**Work request**: Could all of the entries be written out exactly, with any pictures omitted?
..........
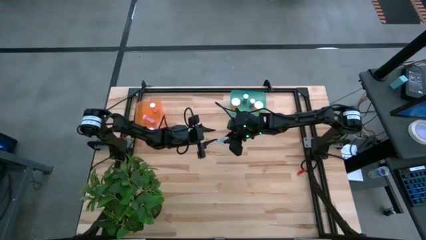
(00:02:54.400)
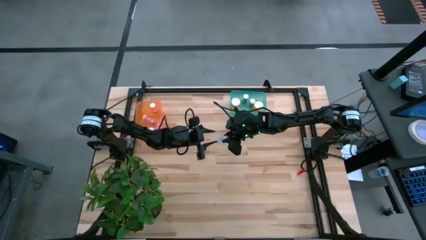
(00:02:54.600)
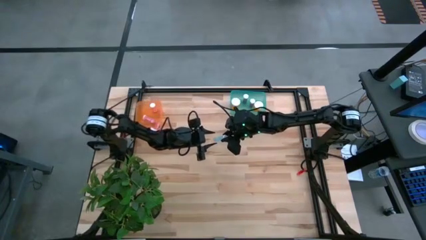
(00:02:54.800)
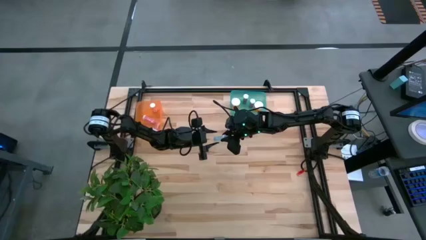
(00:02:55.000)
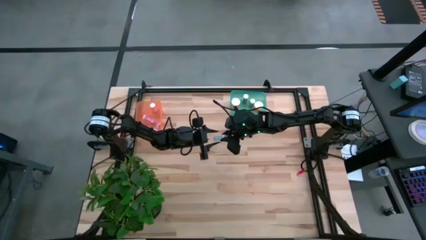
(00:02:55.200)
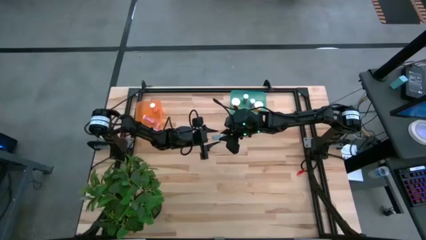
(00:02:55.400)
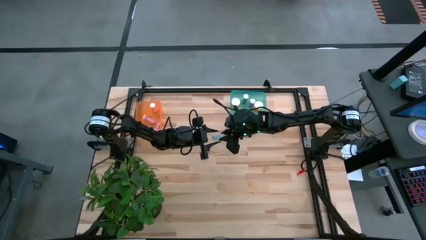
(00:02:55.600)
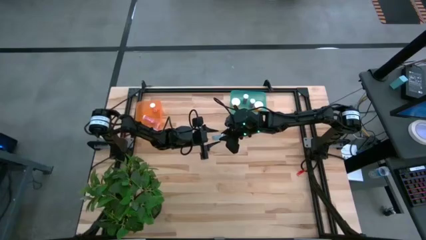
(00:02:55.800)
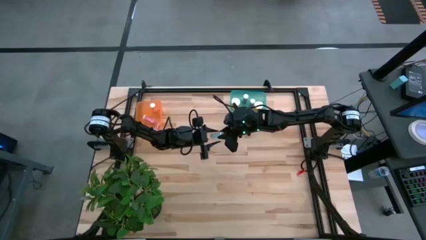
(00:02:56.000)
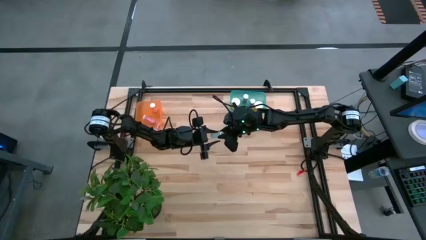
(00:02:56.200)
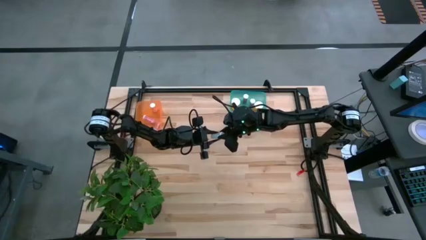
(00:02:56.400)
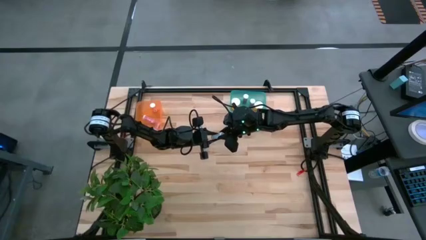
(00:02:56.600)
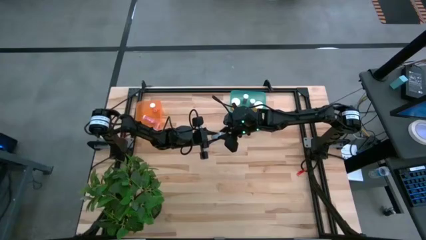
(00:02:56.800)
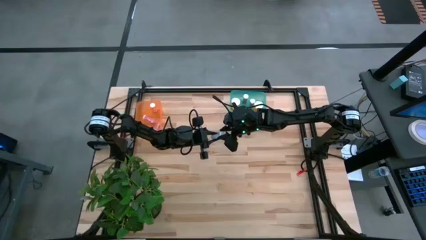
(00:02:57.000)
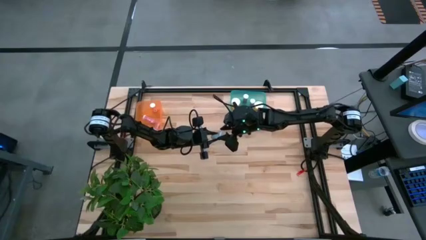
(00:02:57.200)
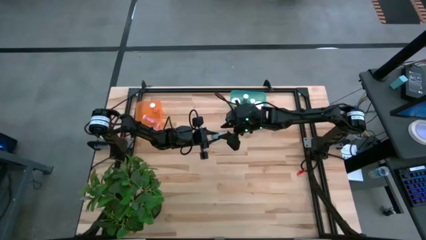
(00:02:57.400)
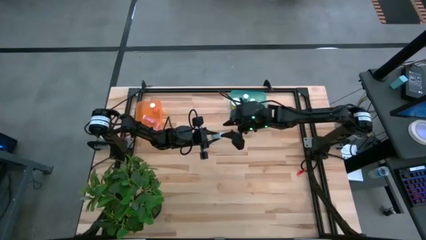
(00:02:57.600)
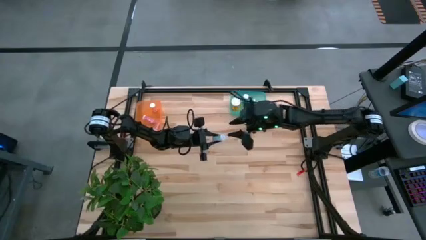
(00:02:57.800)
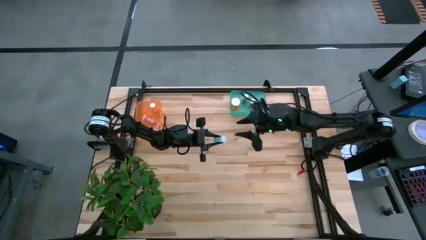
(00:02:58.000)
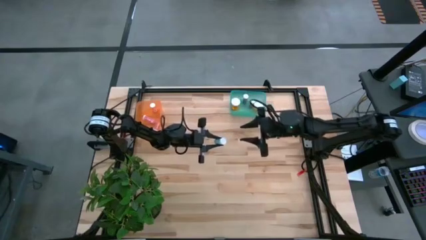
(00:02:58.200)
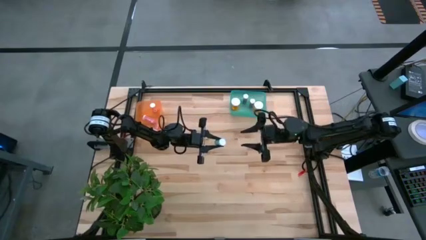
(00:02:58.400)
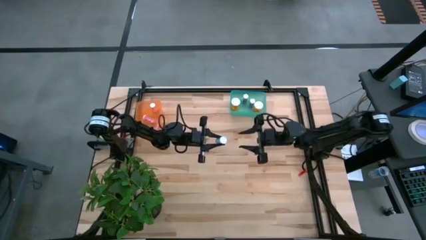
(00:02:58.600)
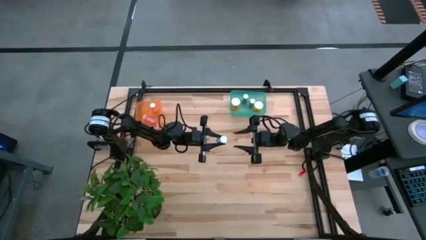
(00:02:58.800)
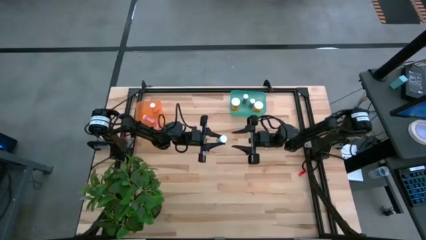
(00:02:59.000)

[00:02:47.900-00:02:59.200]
..........
**Answer to the problem**:
(00:02:54.400)
(00:02:54.600)
(00:02:54.800)
(00:02:55.000)
(00:02:55.200)
(00:02:55.400)
(00:02:55.600)
(00:02:55.800)
(00:02:56.000)
(00:02:56.200)
(00:02:56.400)
(00:02:56.600)
(00:02:56.800)
(00:02:57.000)
(00:02:57.200)
(00:02:57.400)
(00:02:57.600)
(00:02:57.800)
(00:02:58.000)
(00:02:58.200)
(00:02:58.400)
(00:02:58.600)
(00:02:58.800)
(00:02:59.000)

[00:02:47.900-00:02:59.200]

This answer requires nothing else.